A vector store holds embeddings of text chunks. When the agent needs relevant past information, it sends a query, the store returns the top-k semantically similar chunks, and those chunks are injected into the current context.

# Pseudocode using a generic vector store interface
from vector_store import VectorStore, embed

memory = VectorStore()

def remember(content: str, metadata: dict):
    embedding = embed(content)
    memory.upsert(embedding, content, metadata)

def recall(query: str, top_k: int = 5) -> list[str]:
    query_embedding = embed(query)
    results = memory.query(query_embedding, top_k=top_k)
    return [r.content for r in results]

# Tool definition
tools = [
    {
        "name": "recall_memory",
        "description": "Search for relevant past notes and findings by semantic similarity to a query string.",
        "input_schema": {
            "type": "object",
            "properties": {
                "query": {"type": "string"},
                "max_results": {"type": "integer", "default": 5}
            },
            "required": ["query"]
        }
    }
]

Strengths: - The agent does not need to remember exact keys.

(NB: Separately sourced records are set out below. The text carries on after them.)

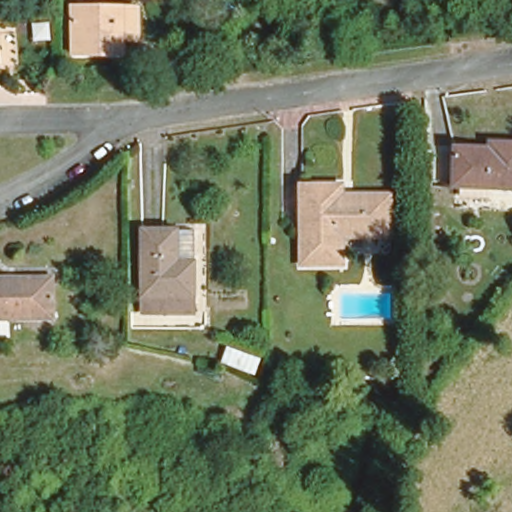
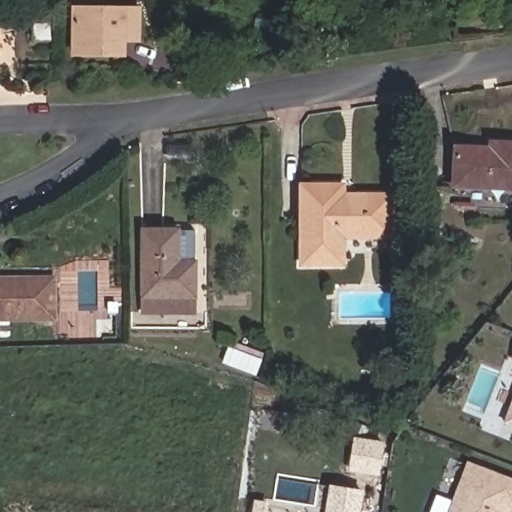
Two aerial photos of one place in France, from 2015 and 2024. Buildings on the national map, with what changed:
unchanged [(121,33),(120,50),(71,44),(76,6),(77,0),(106,0),(140,3),(135,34),(121,33)]
unchanged [(451,184),(454,146),(493,149),(493,139),(512,141),(512,187),(451,184)]
unchanged [(341,178),(340,189),(387,192),(384,233),(338,230),(336,262),(295,260),(299,176),(341,178)]
unchanged [(144,219),(198,219),(198,310),(142,311),(144,219)]
unchanged [(0,277),(49,279),(48,320),(0,319),(0,277)]
new [(503,423),(512,398),(512,427),(503,423)]
new [(385,443),(379,477),(349,472),(353,437),(385,443)]
new [(512,478),(512,507),(510,512),(447,512),(467,461),(512,478)]
new [(329,486),(364,492),(360,512),(324,512),(329,486)]

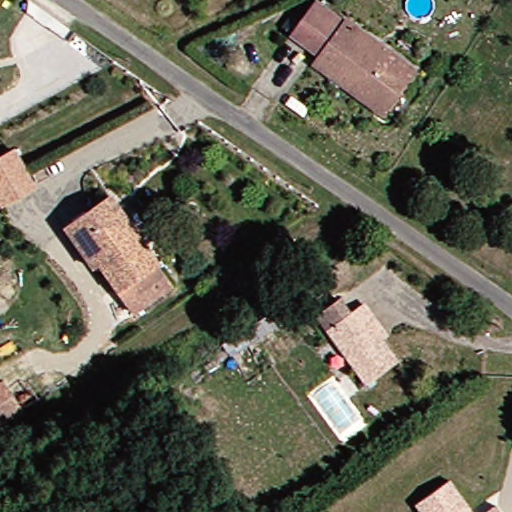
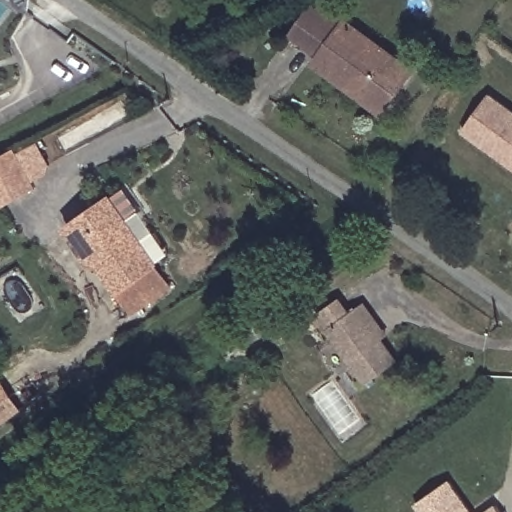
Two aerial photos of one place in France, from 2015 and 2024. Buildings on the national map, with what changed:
unchanged [(317,5),(416,77),(389,114),(290,42),(317,5)]
new [(493,92),(512,106),(512,168),(463,133),(493,92)]
unchanged [(13,151),(34,187),(2,206),(0,202),(0,158),(13,151)]
unchanged [(166,284),(127,311),(93,260),(83,267),(60,231),(70,225),(109,198),(166,284)]
unchanged [(364,325),(377,343),(394,365),(364,387),(325,332),(361,306),(371,320),(364,325)]
unchanged [(5,379),(22,411),(0,425),(0,382),(5,379)]
unchanged [(443,482),(464,512),(414,512),(410,506),(443,482)]
unchanged [(492,512),(486,512),(490,510),(492,512)]

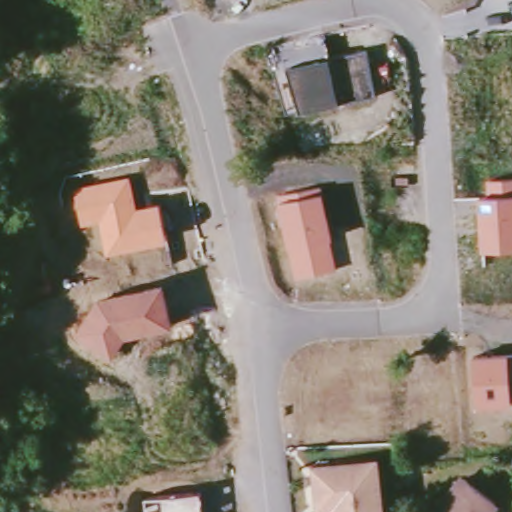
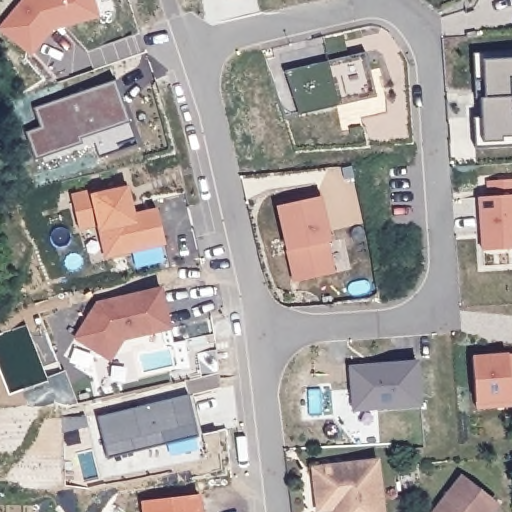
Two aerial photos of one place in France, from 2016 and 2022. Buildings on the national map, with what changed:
new [(0,28),(22,0),(93,0),(98,18),(52,30),(32,54),(0,28)]
unchanged [(297,108),(286,115),(269,53),(322,38),(329,61),(365,53),(375,98),(338,105),(299,114),(297,108)]
new [(476,146),(475,118),(482,118),(482,98),(485,98),(485,79),(475,80),(473,54),(512,52),(512,77),(509,78),(511,115),(512,115),(512,145),(476,146)]
unchanged [(480,197),(489,197),(487,182),(512,180),(512,249),(480,252),(480,197)]
unchanged [(105,260),(97,226),(79,230),(72,194),(127,182),(134,213),(157,208),(165,246),(105,260)]
unchanged [(294,281),(287,248),(278,208),(276,200),(318,190),(321,196),(332,241),(329,242),(336,273),(294,281)]
unchanged [(124,341),(111,362),(73,339),(96,302),(162,287),(172,330),(124,341)]
unchanged [(474,357),(509,354),(512,405),(477,408),(474,357)]
new [(421,406),(354,412),(349,366),(419,360),(421,406)]
new [(107,458),(98,417),(187,395),(197,436),(107,458)]
unchanged [(317,500),(313,468),(377,460),(383,512),(332,512),(332,510),(317,511),(317,500)]
unchanged [(459,478),(491,503),(483,512),(432,512),(459,478)]
unchanged [(144,502),(173,501),(198,496),(200,512),(145,512),(144,502)]

A natural-language query finds relevant content. - Scales to large knowledge bases without filling the context window. - Works well for retrieval over long-term accumulated experience.

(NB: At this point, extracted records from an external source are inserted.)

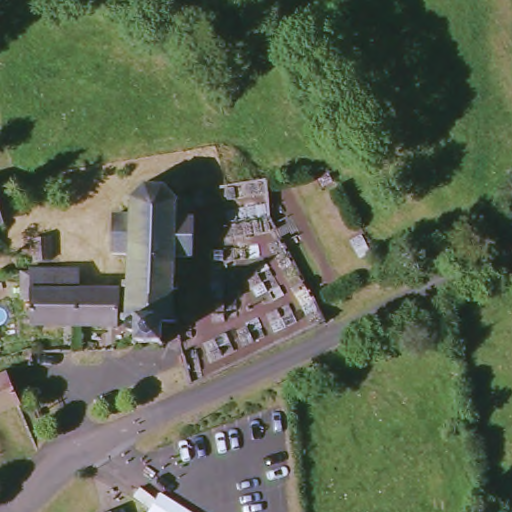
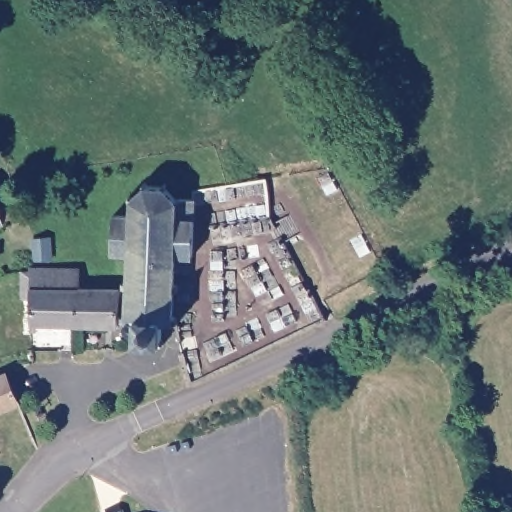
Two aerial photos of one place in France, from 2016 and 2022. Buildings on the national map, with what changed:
unchanged [(15,180),(25,213),(2,220),(3,223),(0,224),(0,185),(15,180)]
unchanged [(111,253),(113,215),(131,216),(132,200),(128,199),(130,195),(133,197),(145,187),(143,183),(146,182),(147,186),(162,187),(165,183),(167,184),(166,188),(175,199),(179,198),(195,199),(192,257),(175,256),(174,284),(180,284),(179,289),(173,289),(172,317),(178,317),(178,322),(172,322),(162,322),(161,339),(165,343),(162,346),(158,342),(139,341),(135,345),(132,342),(136,338),(136,331),(132,331),(129,330),(127,329),(126,326),(126,320),(121,320),(121,315),(126,315),(127,305),(128,287),(122,287),(122,281),(128,282),(130,254),(111,253)]
unchanged [(50,238),(51,259),(34,260),(32,240),(50,238)]
unchanged [(80,270),(80,286),(120,289),(119,304),(117,326),(30,325),(31,298),(22,299),(21,272),(30,272),(30,269),(51,269),(80,270)]
unchanged [(6,375),(18,403),(0,411),(0,377),(6,375)]
unchanged [(126,511),(127,512),(123,512),(126,511)]

Weaknesses: - Requires an embedding model (additional API cost and latency) and a vector database (infrastructure cost). - Recall is approximate. Semantically similar is not the same as logically relevant. The agent may retrieve misleading chunks. - Metadata management (what was stored when, by which run) is important for avoiding stale or contradictory recalls. - Poor fit for structured data. Use a key-value store for data you need exact matches on.

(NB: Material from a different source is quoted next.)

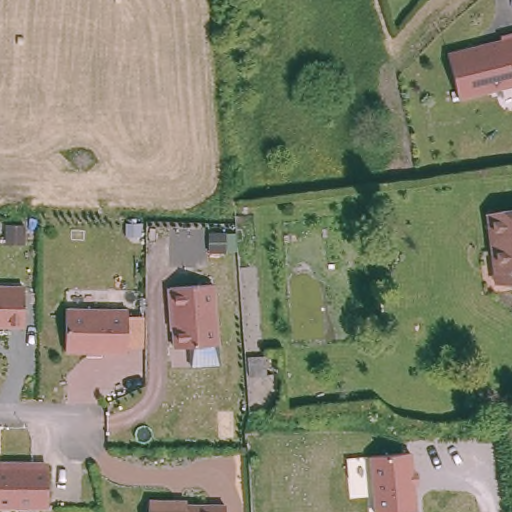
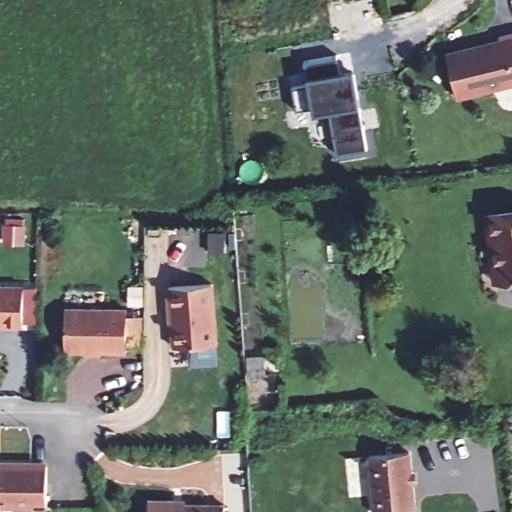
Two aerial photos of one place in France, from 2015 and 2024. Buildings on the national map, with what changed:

When to use: long-term agent memory across many sessions, retrieval over a large corpus of past experience, tasks where the agent needs to find relevant past work without knowing exactly what to look for.

Handoff state

When one agent hands off to another, it must pass enough state for the receiving agent to continue without the full upstream context. The right approach depends on how much context is needed:

Minimal handoff (structured summary)

# The handing-off agent produces a structured context object
handoff_context = {
    "task_description": "Analyze the revenue trends in Q1 2026.",
    "data_sources_used": ["revenue_q1.csv", "sales_breakdown.xlsx"],
    "findings_so_far": "Revenue grew 12% YoY. Decline in EMEA offset by APAC growth.",
    "next_step": "Identify the top three product lines driving APAC growth.",
}

External state pointer

# The handing-off agent saves results to an external store
run_id = state.save_artifact("analysis_results.json", json.dumps(results))
handoff_context = {
    "task_description": "...",
    "artifacts_path": f"/tmp/agent-runs/{run_id}/analysis_results.json",
}
# The receiving agent reads the artifact when it needs it

Full transcript (use sparingly)

Passing the full upstream message history to the receiving agent is simple but expensive and risks context overflow. Only use this if the receiving agent genuinely needs to reason about the upstream conversation rather than just its outputs.

Comparison summary

Approach Persistence Sharing Scale Retrieval style Cost
Conversation history Session only No Context window limit Direct (all visible) Input tokens per turn
External store (key-value) Persistent Yes Unlimited Exact key lookup Tool call overhead
Vector recall Persistent Yes Unlimited Semantic similarity Embedding + query cost

The right answer for most agents: start with conversation history. Add an external key-value store when you need persistence or cross-agent sharing. Add vector recall only when the knowledge base is large enough that exact-key retrieval is impractical.

Do not build all three into a system upfront. Add complexity incrementally as the task requirements make it necessary.